また,CT,MRI,CXR,ベンダ間の校正やロバスト性も向上する。
- 参考スコア(独自算出の注目度): 0.5076419064097734
- License: http://creativecommons.org/publicdomain/zero/1.0/
- Abstract: In this paper, we introduce the Protocol Genome, a self-supervised learning system that learns correlations from DICOM headers and achieves AUROC 0.901 (vs 0.847 baseline) and ECE 0.036 (vs 0.058) on fully held-out external validation. Our method also improves calibration and robustness across modalities (CT, MRI, CXR) and vendors. Clinical imaging is funneled through PACS/DICOM, where procedure choices (scanner make/model, sequence, kernel, kVp, TR/TE, and slice thickness) have consequences for contrast, noise, and artifact. These latent confounders impede the generalization of image-only networks across sites. We consider structured DICOM headers as a label and learn protocol-aware but clinically robust image representations. Protocol Genome obtains tokenized embeddings of de-identified header fields and models them along with image features using: (1) protocol-image contrastive learning, (2) masked protocol prediction, and (3) protocol-protocol translation. With 1.26M studies (7 health systems, 31 scanners, 3 vendors; CT, MR, CR/DR), we experiment on: (A) chest CT triage for PE, (B) brain MRI glioma grading, and (C) chest radiograph cardiomegaly detection. Relative to strong SSL baselines (SimCLR, MAE) as well as ImageNet transfer, Protocol Genome (+0.046: PE, +0.058: glioma, +0.041: cardiomegaly) is associated with higher external AUROC; 25-37% calibration improvements are obtained (p < 0.01, DeLong tests). While the gains may be task-dependent, they are preserved with 10-20% of labeled data. From a clinical point of view, the technique reduces false positives at protocol borders and is applicable in a PACS (DICOM C-FIND/C-MOVE, DICOMweb QIDO/WADO). We publish a model card and deployment guide, complete with both de-identification and bias audits.
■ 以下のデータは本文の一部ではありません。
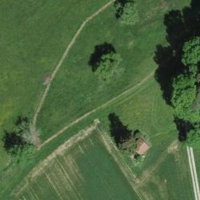
EUNIS habitat code: 52
Species observed at this site:
Campanula patula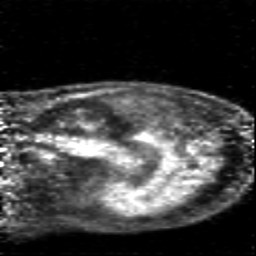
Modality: PET
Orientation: sagittal
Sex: female
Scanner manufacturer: siemens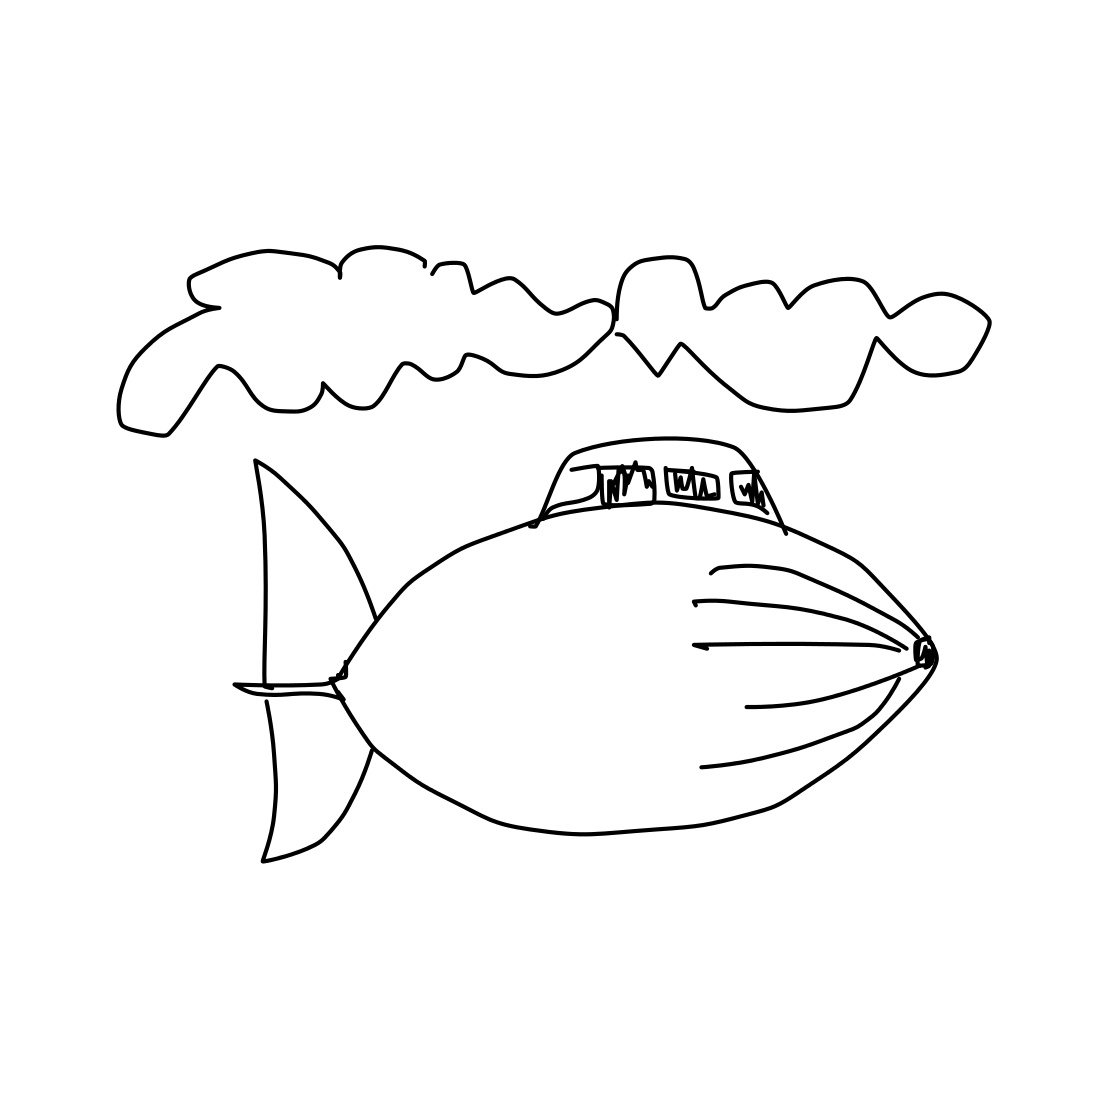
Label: blimp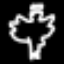
Label: angel
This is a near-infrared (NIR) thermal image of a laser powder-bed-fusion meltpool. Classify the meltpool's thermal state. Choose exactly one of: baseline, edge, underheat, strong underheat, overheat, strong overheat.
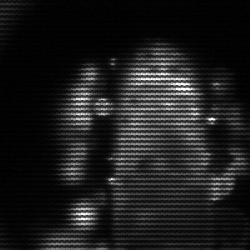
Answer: strong underheat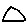
Label: triangle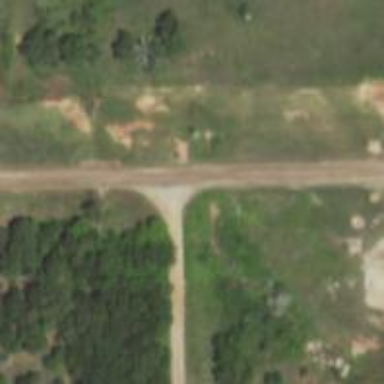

- Abstract(参考訳): 本稿では,DICOMヘッダから相関関係を学習し,AUROC 0.901(vs 0.847ベースライン)とECE 0.036(vs 0.058)を完全な外部検証で実現する自己教師型学習システムであるProtocol Genomeを紹介する。
また,CT,MRI,CXR,ベンダ間の校正やロバスト性も向上する。
臨床画像はPACS/DICOMで撮影され、プロシージャの選択(スキャナー製造/モデル、シーケンス、カーネル、kVp、TR/TE、スライス厚み)はコントラスト、ノイズ、アーティファクトに影響を及ぼす。
これらの潜伏した共同設立者は、画像のみのネットワークをサイト全体に一般化することを妨げている。
構造化DICOMヘッダーをラベルとみなし,プロトコル対応だが臨床的に堅牢な画像表現を学習する。
Protocol Genomeは、(1)プロトコルイメージコントラスト学習、(2)マスク付きプロトコル予測、(3)プロトコルプロトコール翻訳を用いて、識別されていないヘッダフィールドのトークン化埋め込みを取得し、画像特徴とともにモデル化する。
A) PE用胸部CTトリアージ, (B) 脳MRIグリオーマグレーディング, (C) 胸部X線撮影による心筋症の診断を行った。
強力なSSLベースライン(SimCLR, MAE)やImageNet転送と同様に、Protocol Genome(+0.046: PE, +0.058: glioma, +0.041: cardiomegaly)はより高い外部AUROCと関連付けられ、25~37%の校正改善が得られた(p < 0.01, DeLong test)。
利得はタスク依存かもしれないが、ラベル付きデータの10-20%で保存される。
臨床の観点からは,プロトコル境界における偽陽性を低減し,PACS(DICOM C-FIND/C-MOVE,DICOMweb QIDO/WADO)に適用できる。
モデルカードとデプロイメントガイドを公開し、非識別とバイアス監査の両方を完備しています。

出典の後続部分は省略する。